American Society of Plant Biologists members Professor David Salt (Purdue University) and Tommy Sors (Purdue University) along with Jeremy Friedberg (Spongelab) have been awarded First Place in the Interactive Media category of the Science magazine 2008 Science and Engineering Visualization Challenge. The winning project is an interactive biology gaming module called the Genomics Digital Lab (GDL).
The Science and Engineering Visualization Challenge is a highly competitive annual competition funded by NSF to encourage researchers to bring to life the amazing array of data available in all areas of science by using images, illustrations, computer graphics, and animations. Entries must provide inspiring yet painstakingly accurate imagery since visual media is critically integral to promoting public understanding of important scientific concepts as well as for facilitating communication among the various scientific disciplines.
The GDL game module proved its worth amid a strong field of competitors representing all of the scientific disciplines.

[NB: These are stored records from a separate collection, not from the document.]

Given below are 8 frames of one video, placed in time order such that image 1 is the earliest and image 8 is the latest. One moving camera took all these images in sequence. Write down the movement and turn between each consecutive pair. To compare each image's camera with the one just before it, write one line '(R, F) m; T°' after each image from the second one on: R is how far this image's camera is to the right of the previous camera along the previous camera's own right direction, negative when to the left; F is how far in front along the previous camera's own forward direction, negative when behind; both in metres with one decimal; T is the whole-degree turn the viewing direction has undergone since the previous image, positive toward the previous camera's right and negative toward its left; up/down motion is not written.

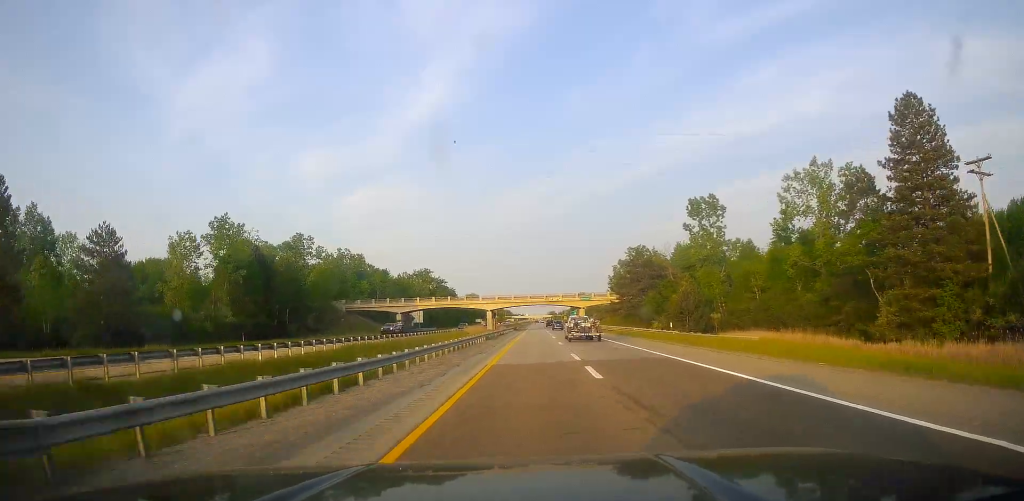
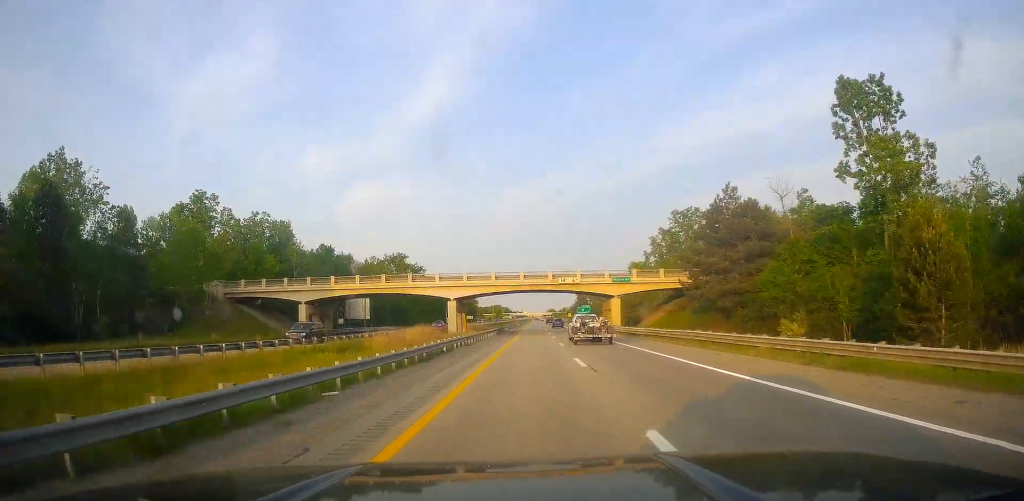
(0.0, +49.6) m; 0°
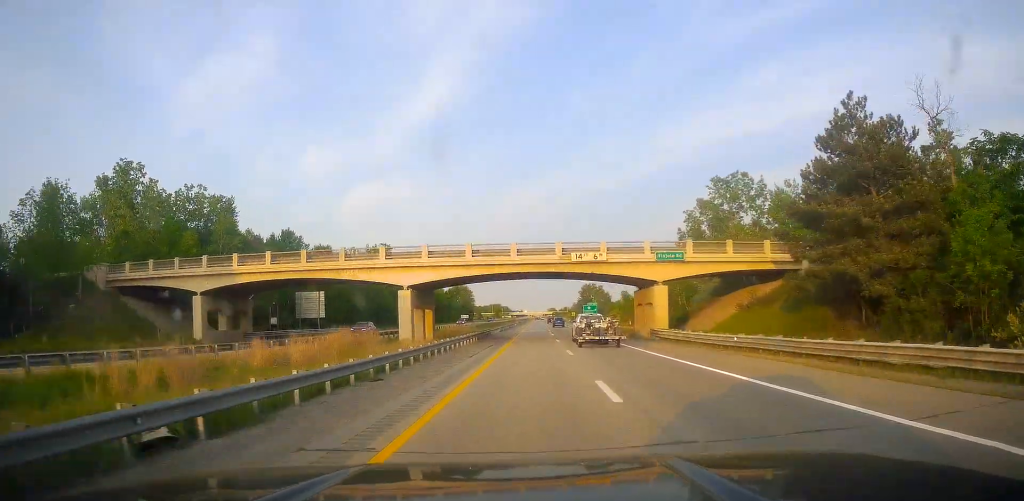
(0.0, +23.7) m; 0°
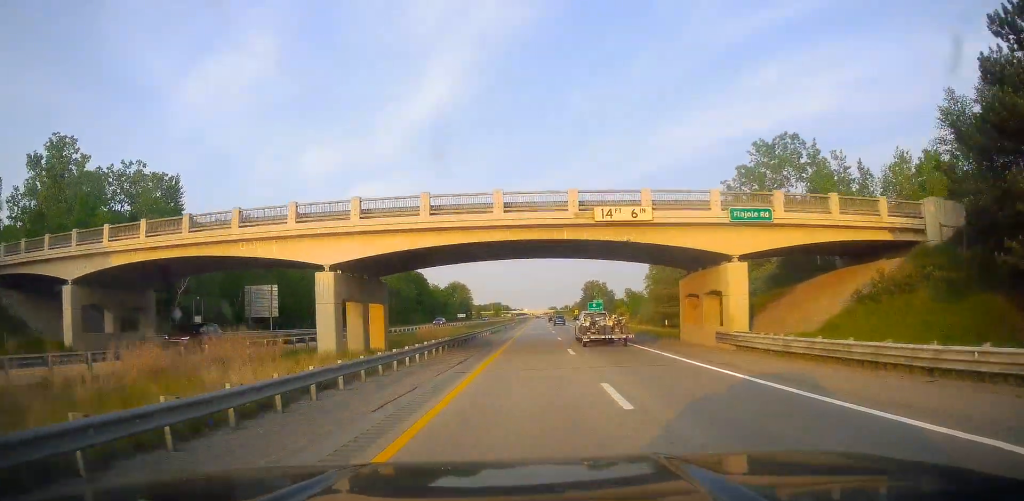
(0.0, +16.2) m; 0°
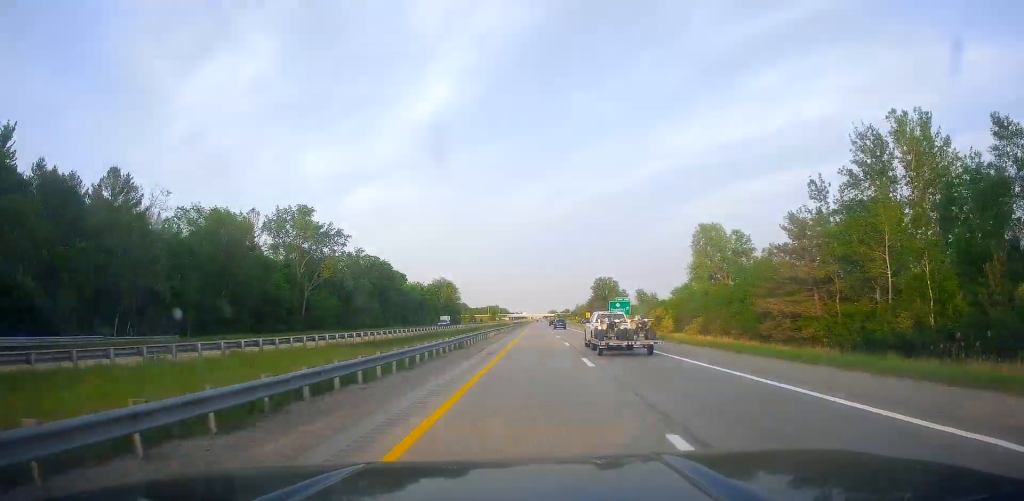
(+0.6, +52.1) m; 0°
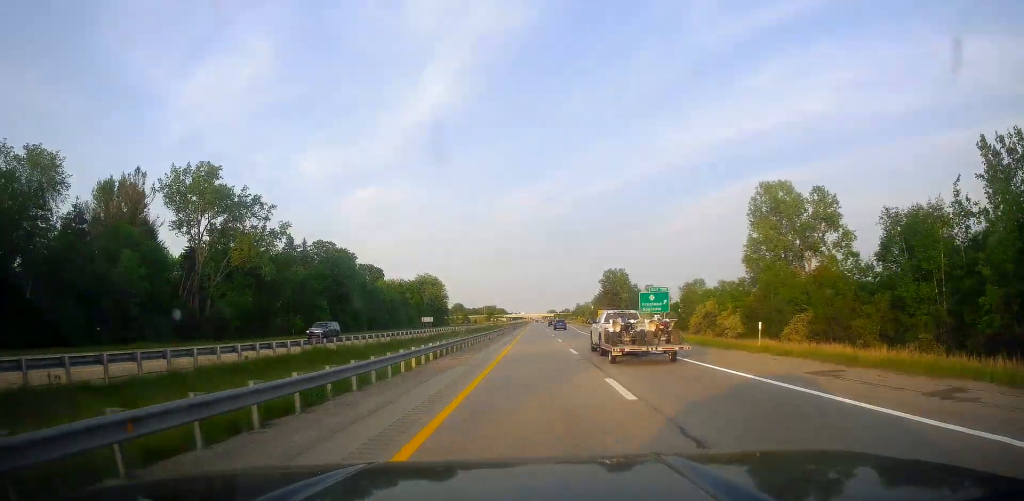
(-0.5, +38.3) m; 0°
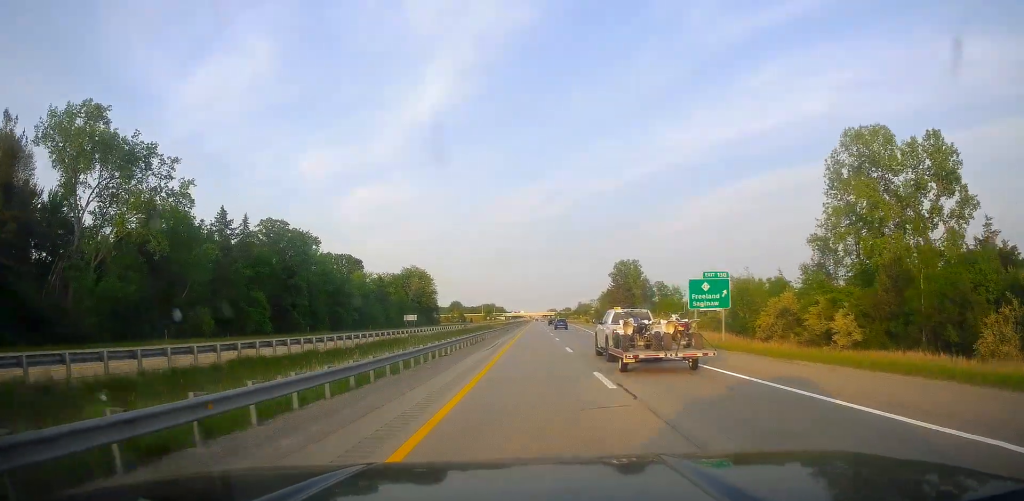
(+0.4, +28.5) m; 0°
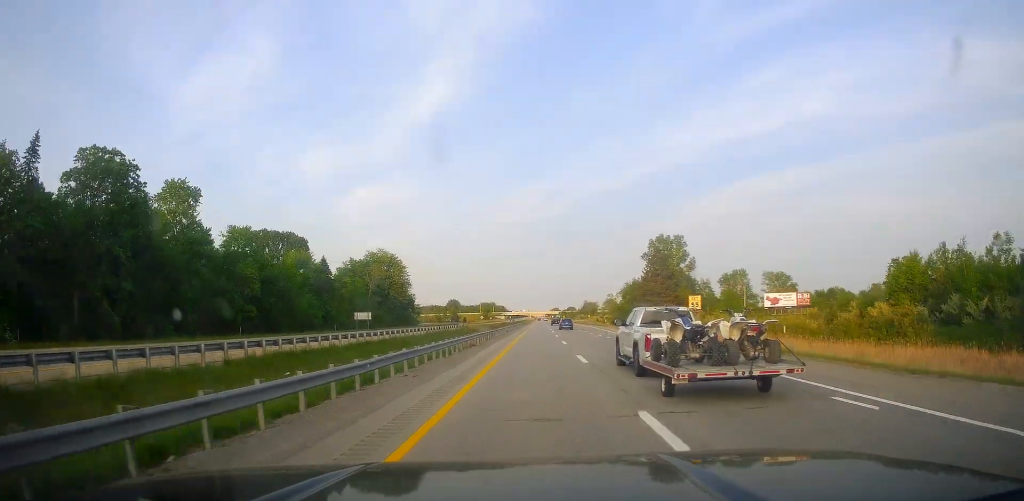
(-0.5, +53.3) m; -1°

The 200+ entries from 34 states and 23 countries were carefully screened by Science and NSF staff members. Then an outside panel of experts in scientific visualization (see side bar) selected the winners and honorable mentions in each category. Full details of the competition are available at http://www.nsf.gov/news/special_reports/scivis/index.jsp?id=win2008.
"We're delighted that the first-place visualization challenge award by Science for interactive media went to the ASPB Education Foundation's GAP-supported project for public education on plant genomics," commented Education Foundation Chair James Siedow of Duke University. "Congratulations to David, Tommy and their colleagues for this important recognition of their novel and effective approach to plant science education outreach. I want to thank our contributors and the ASPB Executive Committee who made this grant support possible in cooperation with the National Science Foundation. This first-place award from Science is another example demonstrating how ASPB member plant scientists can explore new frontiers in plant science education with the help of a funding source, such as the Foundation," Siedow added.

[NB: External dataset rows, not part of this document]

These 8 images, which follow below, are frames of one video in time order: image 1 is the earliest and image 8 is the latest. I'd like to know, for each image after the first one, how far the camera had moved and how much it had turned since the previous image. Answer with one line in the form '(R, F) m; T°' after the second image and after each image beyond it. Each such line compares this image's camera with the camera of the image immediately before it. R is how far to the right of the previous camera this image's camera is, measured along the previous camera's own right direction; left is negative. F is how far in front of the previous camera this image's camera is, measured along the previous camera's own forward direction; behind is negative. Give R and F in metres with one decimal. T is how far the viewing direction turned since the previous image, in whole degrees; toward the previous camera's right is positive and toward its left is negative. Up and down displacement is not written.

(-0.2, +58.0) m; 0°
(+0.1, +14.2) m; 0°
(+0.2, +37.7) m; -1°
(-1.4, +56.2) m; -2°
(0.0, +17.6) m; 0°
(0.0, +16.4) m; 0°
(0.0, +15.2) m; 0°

David Salt collaborated with Tommy Sors (Purdue University) and Jeremy Friedberg (Spongelab) to develop the Genomics Digital Lab (GDL) as part of a larger Genomics Explorer museum exhibit. Salt's interactive, walk-through plant cell exhibit was co-funded through the 2005 ASPB Education Foundation Grant Awards Program (GAP) and NSF.
Science has now affirmed that GDL is a valuable resource in and of itself. Salt reports, "We used one-third of our GAP award to subcontract Spongelab (then known as vivetechnologies) to program GDL based on a design from Tommy Sors. The agreement between Spongelab and Purdue was that Purdue could use the original GDL free for educational purposes and that Spongelab could develop it further for commercial use. I am happy to say that we have deployed the original GDL in our exhibit to great success and also that Spongelab has gone on to develop the concept further and started to distribute it to a broader community commercially."
Although it is the current Spongelab version of the interactive gaming modules that caught the eye of the 2008 Visualization Challenge reviewers, both game sets are engaging and informative. Sors explains, "… game players are submerged deep within a living plant cell to experience the astonishing complexity and beauty of life's most fundamental processes. By testing a virtual plant's survival using different light, gas, and water conditions, the GDL player gets to live through and delight in the molecular changes that occur in the chloroplast, mitochondrion, and nucleus under the different environmental situations she/he has selected. The concept is simple and very effective in that a felt or sensed experience is more memorable than any factual knowledge gained from passively reading or memorizing a text book."
Want to play GDL? Free downloads are available at www.aspb.org/education . ASPB will distribute the original Genomics Digital Lab modules for free when used for educational purposes through the Society's website. The option of paying for the more advanced versions coming from Spongelab is also available via links at http://www.genomicsdigitallab.com/gdl/default.cfm.
More information on the GAP awards program is at the ASPB Education Foundation web site http://www.aspb.org/education/foundation/. The next call for GAP proposals opens March 16, 2009.
[sidebar – Panel of Judges for the Science & NSF 2008 Science and Engineering Visualization Challenge]
Felice Frankel
Senior Research Fellow, FAS
Harvard University
Initiative in Innovative Computing
Cambridge, Massachusetts
Thomas Lucas
Thomas Lucas Productions Inc.
Ossining, New York
Sherry A. Marts
Vice President, Scientific Affairs
Society for Women's Health Research
Washington, D.C.
Gary Lees
Chairman & Director
Department of Art as Applied to Medicine
Johns Hopkins School of Medicine
Baltimore, Maryland
Patterson Clark
The Washington Post
Washington, D.C.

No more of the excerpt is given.